= Jacques Fontanille =

French semiotician

Jacques Fontanille (born 1948) is a French semiotician. He has authored or co-authored ten books and a number of articles or book chapters whose topics span theoretical semiotics, literary semiotics, and semiotics of the visual.

==Career==
A former student and collaborator of the founder of the Paris School of Semiotics, Algirdas Julien Greimas, Fontanille is one of the main continuators of Greimas' research program as he collaborated with him in his last published works, and assisted him in the administering and organizing of the Inter-Semiotic seminar at the École des Hautes Études en Sciences Sociales (EHESS) in Paris. After Greimas' death, the course continued under Fontanille's mantle until it became his own seminar at the Institut Universitaire de France.

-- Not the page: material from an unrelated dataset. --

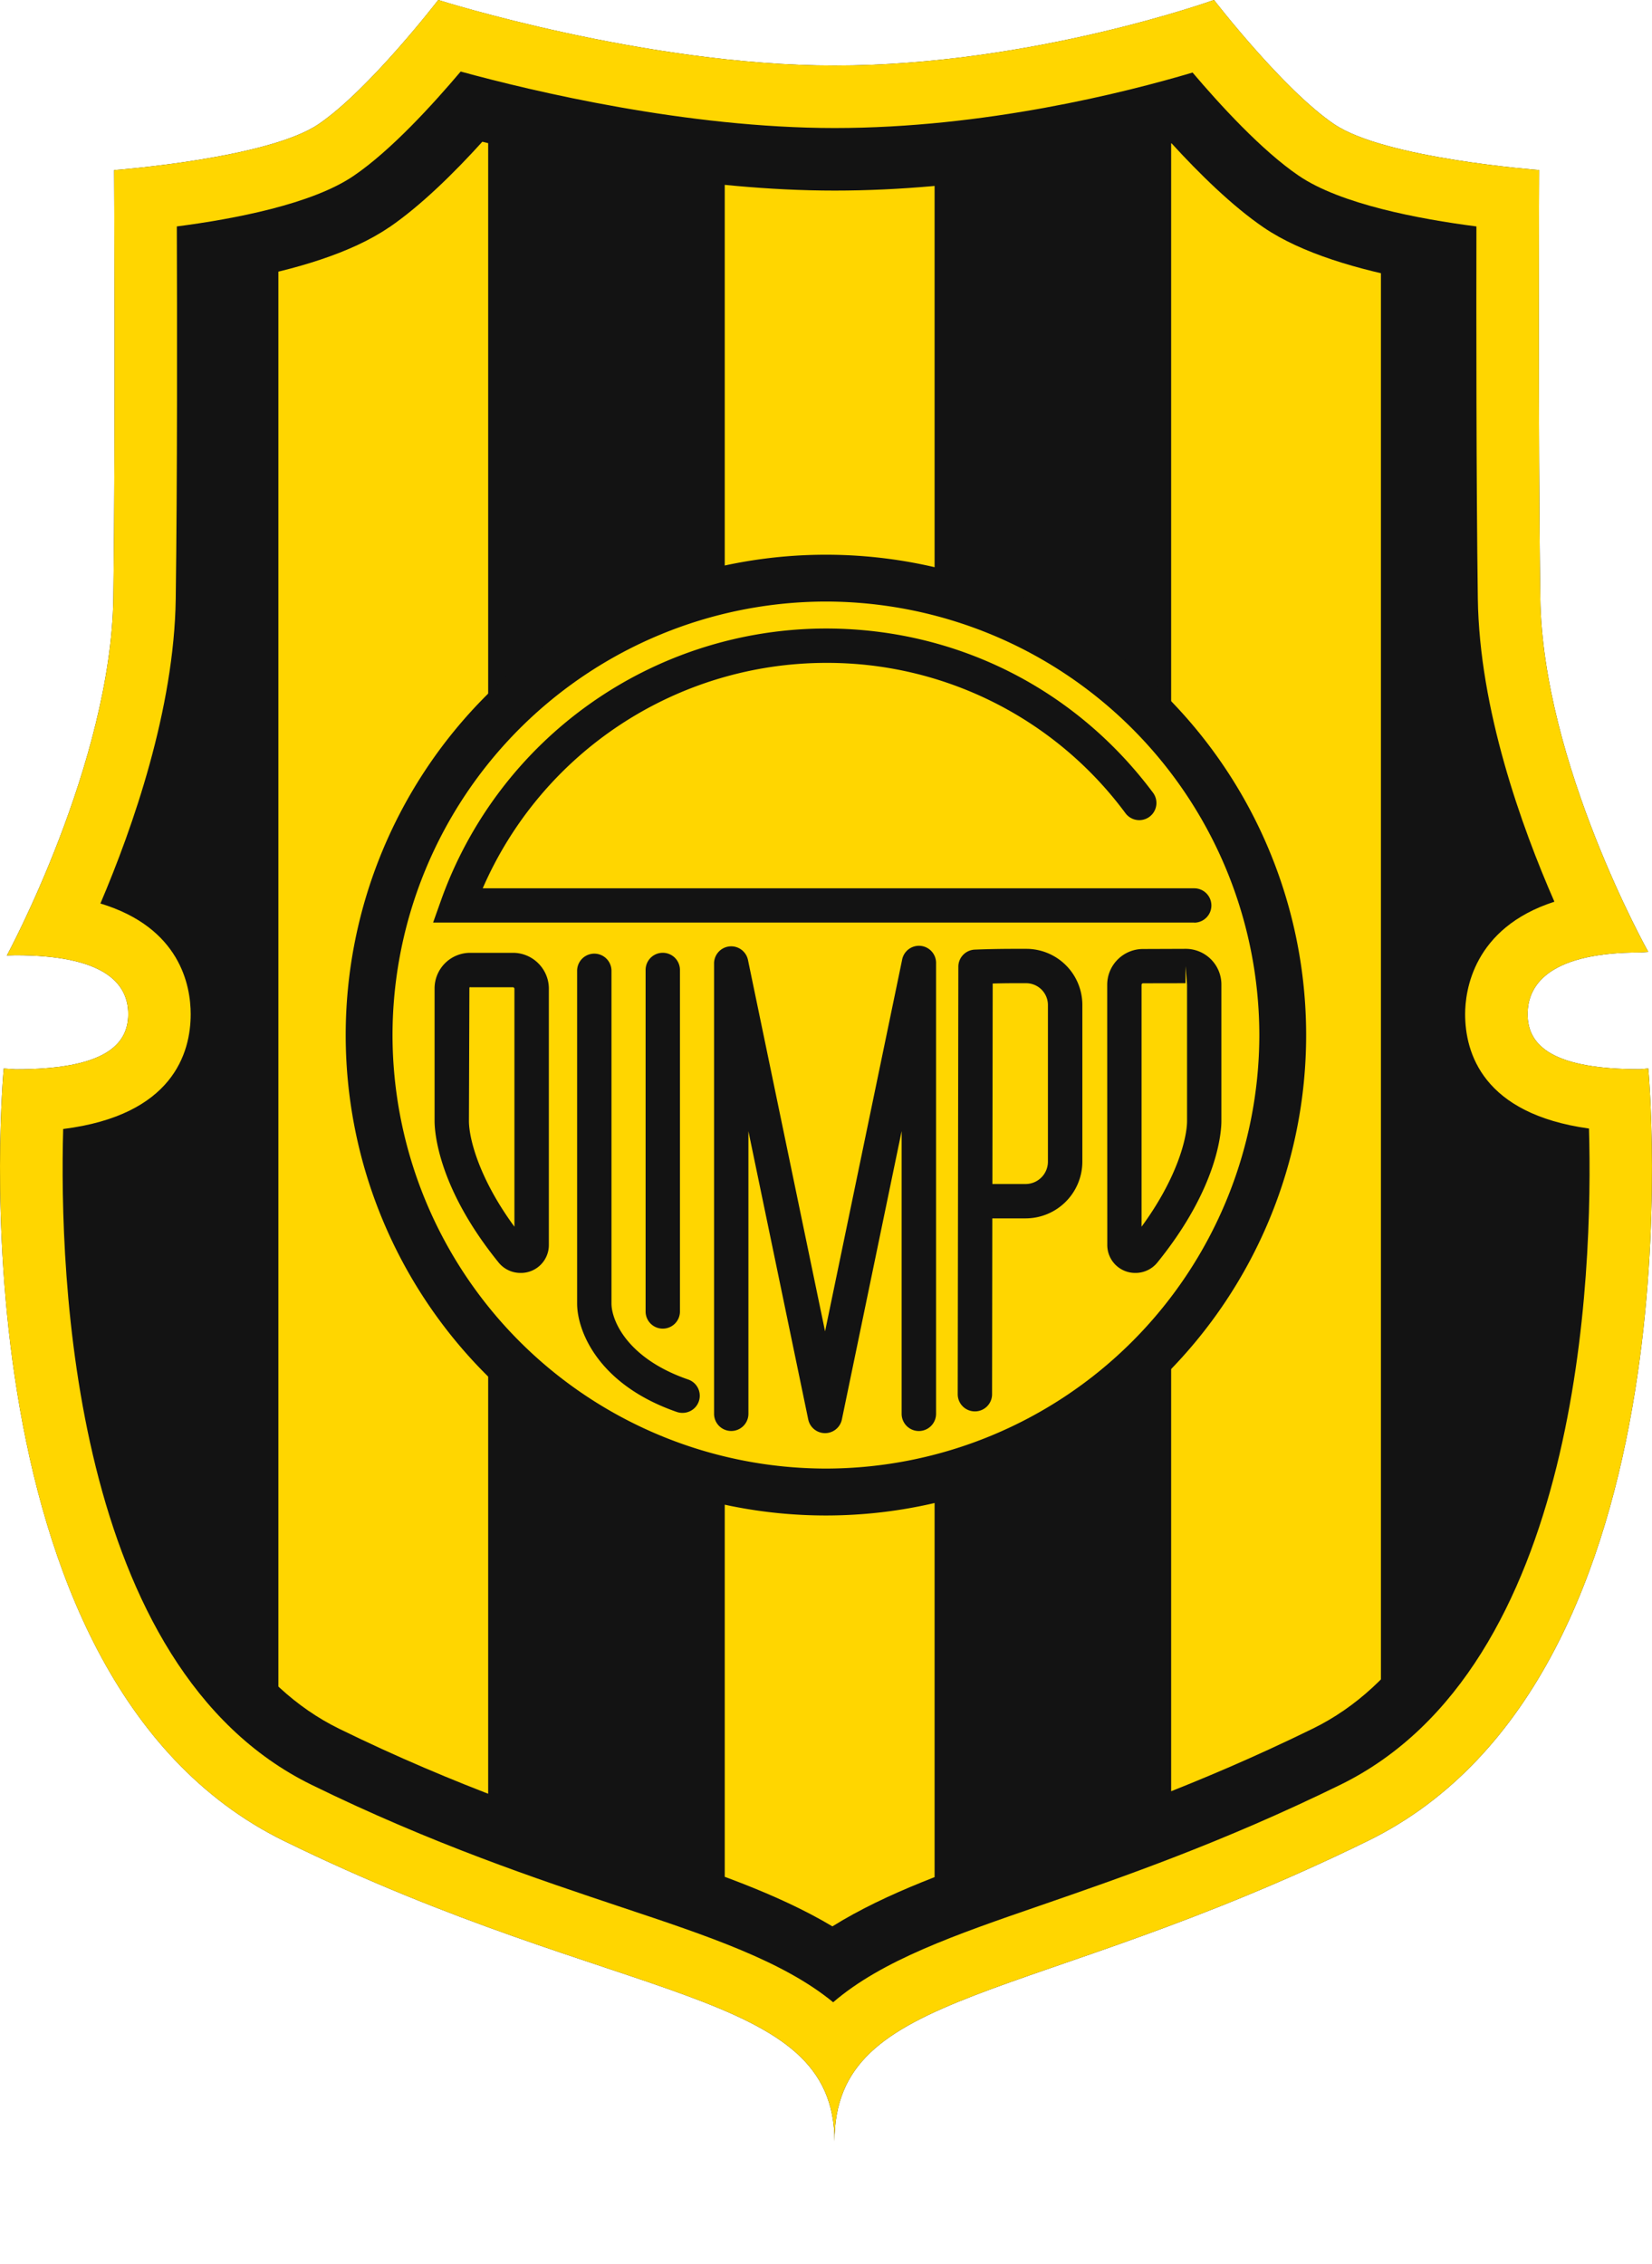 <svg xmlns="http://www.w3.org/2000/svg" width="21.208" height="29.057" viewBox="943.961 3316.69 21.208 29.057"><g data-name="Grupo 10"><g data-name="Grupo 3"><g data-name="Grupo 11"><path d="M947.609 3340.316c4.338 2.125 7.065 1.875 7.065 3.857 0-1.982 2.508-1.733 6.847-3.858 4.339-2.124 3.6-9.913 3.6-9.913l-.103.01c-1.113 0-1.446-.295-1.446-.707 0-.414.333-.792 1.446-.792l.103-.007s-1.357-2.42-1.386-4.544c-.03-2.124-.015-5.49-.015-5.49s-1.985-.147-2.634-.59c-.65-.44-1.54-1.592-1.54-1.592s-2.335.841-4.87.841c-2.436 0-5.089-.841-5.089-.841s-.886 1.151-1.536 1.593c-.648.442-2.625.59-2.625.59s.019 3.366-.01 5.49c-.03 2.125-1.367 4.589-1.367 4.589l.111-.003c1.112 0 1.447.342 1.447.756 0 .412-.335.708-1.447.708l-.151-.01s-.739 7.789 3.6 9.913" fill="#131313" fill-rule="evenodd" data-name="Trazado 16"/><path d="M949.875 3317.608c.924.253 2.907.725 4.801.725 1.927 0 3.723-.453 4.595-.712.349.411.889 1.002 1.363 1.324.535.365 1.544.556 2.281.651-.002 1.113-.003 3.268.018 4.777.02 1.42.559 2.921.983 3.889-1.047.338-1.146 1.15-1.146 1.443 0 .493.223 1.279 1.59 1.468.053 1.86-.1 6.908-3.192 8.422-1.517.743-2.812 1.19-3.851 1.549-1.08.372-2.032.701-2.66 1.242-.643-.529-1.61-.851-2.705-1.216-1.086-.363-2.437-.813-3.99-1.574-3.082-1.509-3.242-6.551-3.19-8.417 1.408-.177 1.637-.975 1.637-1.474 0-.366-.134-1.11-1.159-1.42.417-.978.947-2.494.967-3.91.021-1.51.018-3.666.014-4.779.734-.095 1.738-.286 2.271-.65.48-.326 1.025-.926 1.373-1.338m9.672-.919s-2.336.842-4.871.842c-2.436 0-5.089-.842-5.089-.842s-.886 1.152-1.536 1.594c-.648.442-2.625.59-2.625.59s.019 3.366-.01 5.49c-.03 2.125-1.367 4.589-1.367 4.589l.111-.003c1.112 0 1.447.342 1.447.756 0 .412-.335.708-1.447.708l-.151-.01s-.74 7.789 3.6 9.913c4.338 2.125 7.065 1.875 7.065 3.857 0-1.982 2.508-1.733 6.847-3.858 4.339-2.124 3.6-9.913 3.6-9.913l-.103.01c-1.113 0-1.446-.295-1.446-.707 0-.414.333-.792 1.446-.792l.103-.007s-1.357-2.42-1.386-4.544c-.03-2.124-.015-5.49-.015-5.49s-1.985-.147-2.634-.59c-.65-.44-1.54-1.593-1.54-1.593" fill="#ffd600" fill-rule="evenodd" data-name="Trazado 17"/></g></g><g data-name="Grupo 5"><g data-name="Grupo 4" transform="translate(945.558 3318.509)" clip-path="url(&quot;#a&quot;)"><path d="M1.977-1.636H4.67v28.874H1.977V-1.636z" fill="#ffd600" fill-rule="evenodd" data-name="Rectángulo 28"/><path d="M7.707-1.636h2.694v28.874H7.707V-1.636z" fill="#ffd600" fill-rule="evenodd" data-name="Rectángulo 29"/><path d="M13.438-1.636h2.693v28.874h-2.693V-1.636z" fill="#ffd600" fill-rule="evenodd" data-name="Rectángulo 30"/></g></g><g data-name="Grupo 7"><g data-name="Grupo 6" transform="translate(943.96 3316.69)" clip-path="url(&quot;#b&quot;)"><path d="M10.604 19.148a5.871 5.871 0 0 1-5.864-5.864 5.871 5.871 0 0 1 5.864-5.865 5.871 5.871 0 0 1 5.864 5.865 5.871 5.871 0 0 1-5.864 5.864" fill="#ffd600" fill-rule="evenodd" data-name="Trazado 19"/><path d="M10.604 7.72a5.57 5.57 0 0 1 5.564 5.564 5.57 5.57 0 0 1-5.564 5.563 5.57 5.57 0 0 1-5.564-5.563 5.57 5.57 0 0 1 5.564-5.564m0-.601a6.165 6.165 0 1 0 0 12.33 6.165 6.165 0 0 0 0-12.33" fill="#131313" fill-rule="evenodd" data-name="Trazado 20"/><path d="M6.683 16.336A.36.36 0 0 1 6.4 16.2c-.78-.963-.82-1.68-.82-1.814v-1.698a.457.457 0 0 1 .46-.46h.547c.253 0 .46.207.46.46v3.285a.358.358 0 0 1-.365.363m-.642-3.668a.019.019 0 0 0-.013.006l-.006 1.712c0 .22.127.734.584 1.357V12.69a.02.02 0 0 0-.02-.02h-.545Z" fill="#131313" fill-rule="evenodd" data-name="Trazado 21"/><path d="M14.58 16.336a.358.358 0 0 1-.364-.362l-.001-3.335c0-.254.206-.46.46-.46l.545-.002a.458.458 0 0 1 .461.46v1.749c0 .134-.04.85-.82 1.814a.36.36 0 0 1-.282.136m.641-3.938v.22l-.545.001a.02.02 0 0 0-.019.02v3.104c.457-.623.584-1.138.584-1.357v-1.748l-.02-.24Z" fill="#131313" fill-rule="evenodd" data-name="Trazado 22"/><path d="M8.76 18.132a.217.217 0 0 1-.071-.012c-1.01-.35-1.279-1.04-1.279-1.392v-4.269a.22.22 0 0 1 .441 0v4.269c0 .22.205.706.982.975a.22.22 0 0 1-.072.429" fill="#131313" fill-rule="evenodd" data-name="Trazado 23"/><path d="M8.51 17.051a.22.22 0 0 1-.221-.22v-4.383a.22.22 0 0 1 .441 0v4.383a.22.22 0 0 1-.22.22" fill="#131313" fill-rule="evenodd" data-name="Trazado 24"/><path d="M12.516 18.113a.22.22 0 0 1-.22-.221l.008-5.485a.22.22 0 0 1 .21-.22s.22-.01.502-.01h.16a.72.72 0 0 1 .72.72v2.011a.729.729 0 0 1-.728.728h-.428l-.003 2.257a.22.22 0 0 1-.22.22m.224-2.918h.427a.287.287 0 0 0 .286-.287v-2.01a.28.28 0 0 0-.278-.28h-.16c-.102 0-.195.002-.271.004l-.004 2.573Z" fill="#131313" fill-rule="evenodd" data-name="Trazado 25"/><path d="M10.593 18.392a.22.22 0 0 1-.216-.175l-.768-3.7v3.627a.22.22 0 0 1-.441 0v-5.776a.22.22 0 0 1 .436-.045l.989 4.763.988-4.763a.22.22 0 0 1 .437.045v5.776a.22.22 0 1 1-.442 0v-3.628l-.767 3.7a.22.22 0 0 1-.216.176" fill="#131313" fill-rule="evenodd" data-name="Trazado 26"/><path d="M14.627 10.305a5.022 5.022 0 0 0-8.753 1.314h9.458" fill="#ffd600" fill-rule="evenodd" data-name="Trazado 27"/><path d="M15.332 11.84H5.561l.105-.295a5.253 5.253 0 0 1 4.937-3.479c1.67 0 3.2.768 4.2 2.107a.22.22 0 0 1-.353.264 4.762 4.762 0 0 0-3.847-1.93A4.812 4.812 0 0 0 6.198 11.4h9.134a.22.22 0 1 1 0 .441" fill="#131313" fill-rule="evenodd" data-name="Trazado 28"/></g></g></g><defs><clipPath id="a"><path d="M25.265 26.014c-.488.334-1.216.544-1.92.675a284.86 284.86 0 0 1-.016 4.103c-.017 1.237-.375 2.51-.745 3.506.873.612.937 1.553.937 1.813 0 .435-.141 1.657-1.653 2.125.015 2.304.52 5.95 2.757 7.046 1.504.737 2.827 1.178 3.89 1.533.858.286 1.727.576 2.442 1.003.702-.437 1.561-.734 2.408-1.026 1.019-.352 2.287-.79 3.76-1.512 2.243-1.097 2.745-4.758 2.757-7.06-1.466-.479-1.604-1.68-1.604-2.109 0-.162.037-1.161.925-1.817-.379-.988-.745-2.259-.762-3.503-.017-1.244-.02-2.922-.019-4.1-.707-.132-1.44-.342-1.929-.676-.404-.275-.832-.697-1.182-1.08-1.015.27-2.621.607-4.325.607-1.692 0-3.444-.358-4.523-.627-.352.389-.787.82-1.198 1.1" data-name="Trazado 18" transform="translate(-21.868 -24.915)"/></clipPath><clipPath id="b"><path d="M0 0h78.04v29.057H0V0z" data-name="Rectángulo 31"/></clipPath></defs></svg>

Fontanille is former Président (2005–2019) at the Université de Limoges in France, where he teaches courses in Linguistics, Semiotics, Stylistics, and Rhetoric. He is a Senior Member of the Institut Universitaire de France. With Greimas, Fontanille elaborated a semiotics of the passions. With Claude Zilberberg, he developed a tensive semiotics. His most recent books include Sémiotique du discours (2003) translated into English as The Semiotics of Discourse in the Berkeley Insights in Linguistics and Semiotics Series (2006), and Soma et séma (2004).